Price the tool again, it isn't $2500. Got ours for ~1300. We don't stock any fittings on our trucks, we keep 3 boxes at the shop stocked with common fittings and if we need it we use it. It is situational, wouldn't do a new house with it just because the distance between 2 3/4 90's won't even fit in a 2x6 wall. We will use it on bigger lines, repairs and lines that won't stop dripping. 

Cannot say I'm too crazy about the gas pro-press but it sounds a lot easier to use than breaking out the 300 and threading every cut. I'm sure it will have it's place there. I cannot see doing an entire gas line in pro-press, ever need to move anything you're up a creek...


----------



## rocksteady (Oct 8, 2008)

What he said. :stupid:


I keep a tool on the truck that I got for a VERY GOOD price. I pretty much only stock couplings since I only really use it on commercial jobs where the water must get turned back on asap. Couplings are relatively cheap and I can sweat up a ball valve or fip (If I'm tying into plastic) on a short piece of copper, then press it in. It's a matter of convenience for my customers.

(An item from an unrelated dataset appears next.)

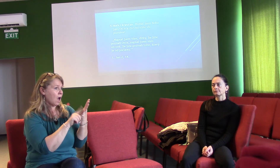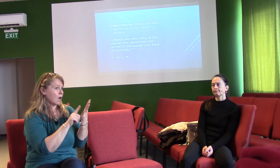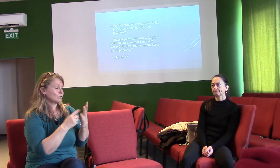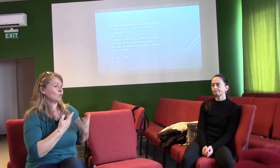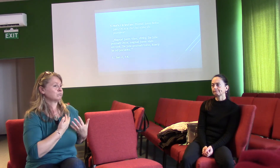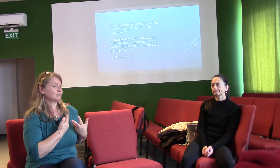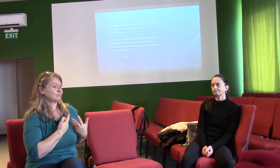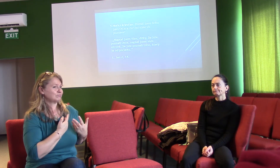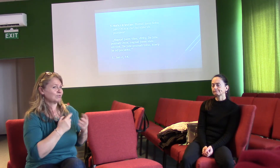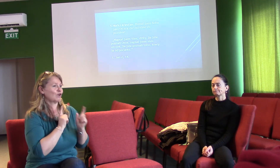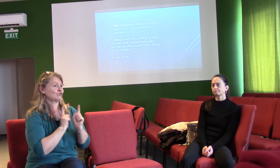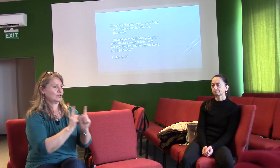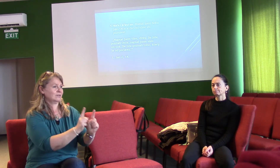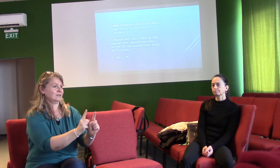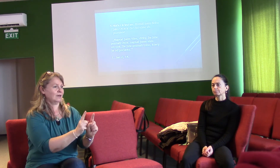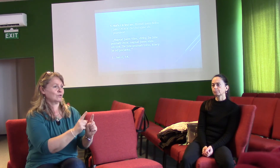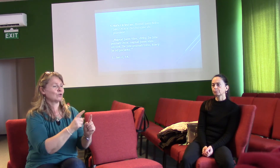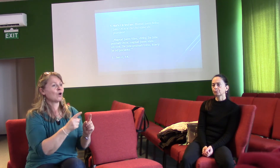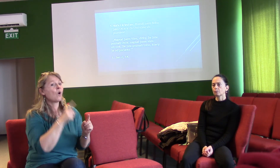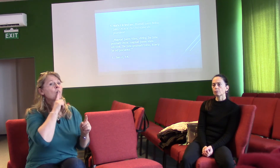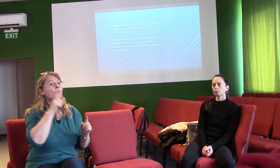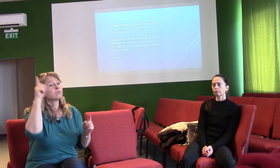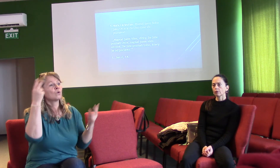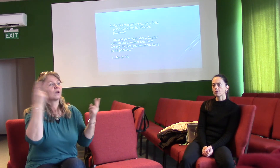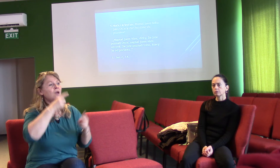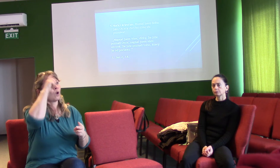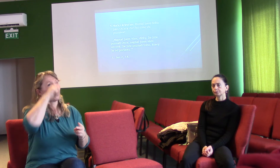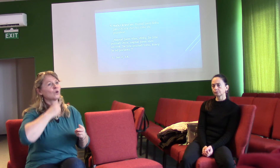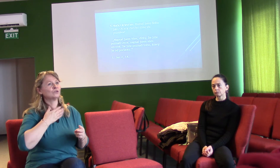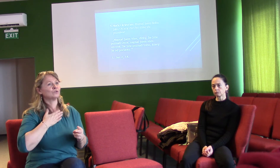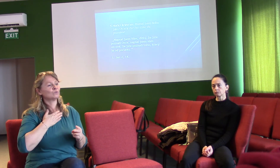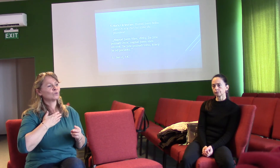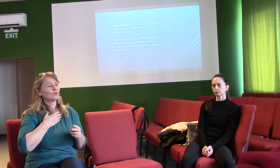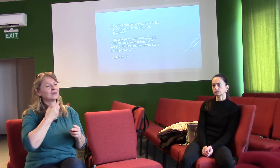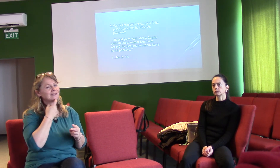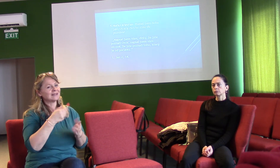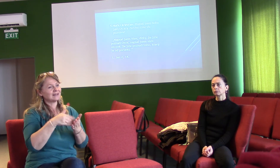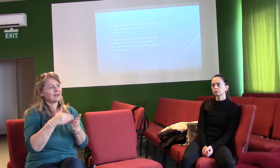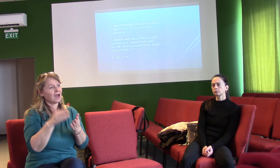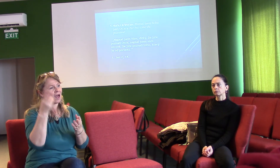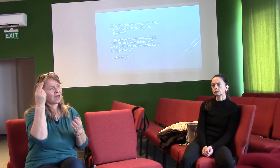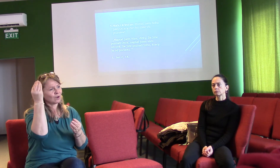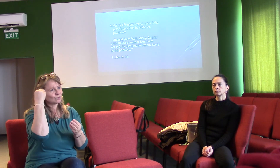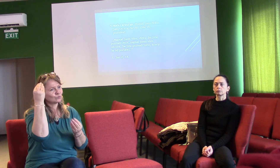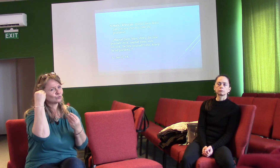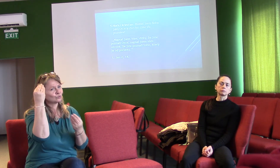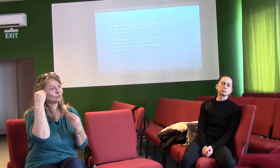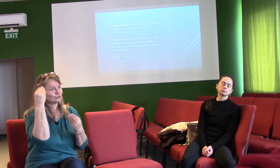jako otce a chci ho stále víc poznávat. Napsal jsem vám dítky, že jste poznali otce. Napsal jsem vám

I think it's a superior connection to Sharkbites, though both do use o-rings. I've seen Sharkbites pull off of a pipe, I've never seen PP do that. I certainly won't be doing repipes or new work with it though.






Paul


----------



## GrumpyPlumber (Jun 12, 2008)

504Plumber said:


> Price the tool again, it isn't $2500. Got ours for ~1300. We don't stock any fittings on our trucks, we keep 3 boxes at the shop stocked with common fittings and if we need it we use it. It is situational, wouldn't do a new house with it just because the distance between 2 3/4 90's won't even fit in a 2x6 wall. We will use it on bigger lines, repairs and lines that won't stop dripping.
> 
> Cannot say I'm too crazy about the gas pro-press but it sounds a lot easier to use than breaking out the 300 and threading every cut. I'm sure it will have it's place there. I cannot see doing an entire gas line in pro-press, ever need to move anything you're up a creek...

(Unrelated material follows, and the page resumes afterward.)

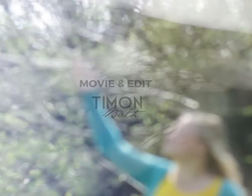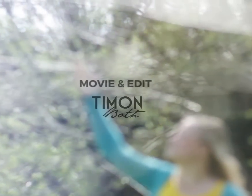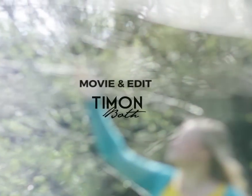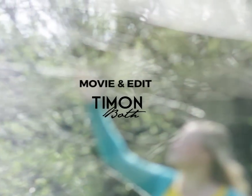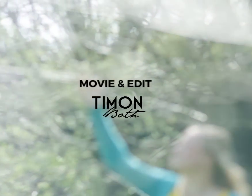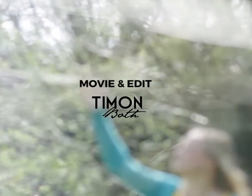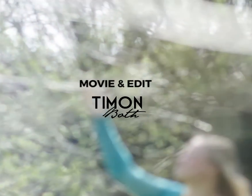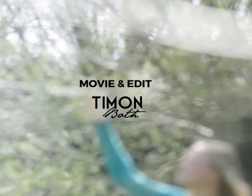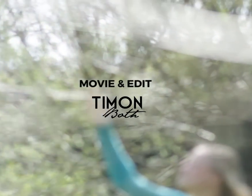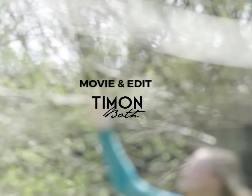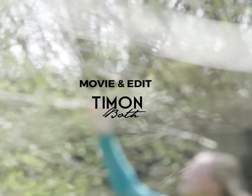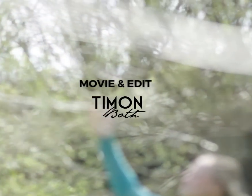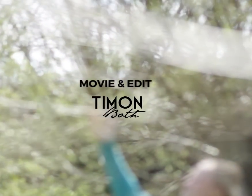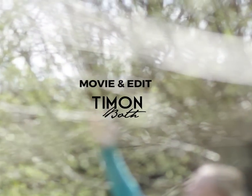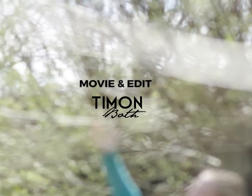Looft u hier

It's been a few years since I priced it, I think I may have been recalling the tool for 1"+, I'll stick it out with MAPP, Acetylene, Jetswet or a Ford if it's that bad.

On breaking out the 300, I seldom get above 1-1/4" in residential, a 700 is fine.

I think Ridgid seems to focus on selling tools instead of focusing on efficiency & streamlining.

MY point about additional tools or fittings is a common objection for Propress, atop the O-ring dissensions.


----------



## TallCoolOne (Dec 19, 2010)

I think the fitting for black iron will be very expensive.

Plus I think the plumber will screw himself out money by doing a propress for black iron. If I have to back off lots of gas pipe and pipe dope it to fix a leak in a systems I can charge a healthy amount. Try to charge that same amount with only one propress repair.

For Water Pipes I think ProPress is a great repair


----------



## plbgbiz (Aug 27, 2010)

TallCoolOne said:


> I think the fitting for black iron will be very expensive.
> 
> Plus I think the plumber will screw himself out money by doing a propress for black iron. If I have to back off lots of gas pipe and pipe dope it to fix a leak in a systems I can charge a healthy amount. Try to charge that same amount with only one propress repair.
> 
> For Water Pipes I think ProPress is a great repair


:blink:

With that line of reasoning...aren't you losing money by not draining down the whole water distribution system and soldering in the repair on water pipes?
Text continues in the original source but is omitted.